= Data section =
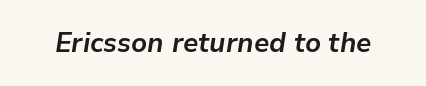
Q: Is the text bold? A: Yes.
Q: Is the text italic (slanted)? A: Yes, it leans right by about 9 degrees.
Q: Is the text underlined? A: No.
Q: Is the spacing between letters normal or unusually wide? A: Normal.

= Your instructions =
Would you state how many lines of the data above hold the string "text"? Reply with the number alone.

= Response to the exercise =
3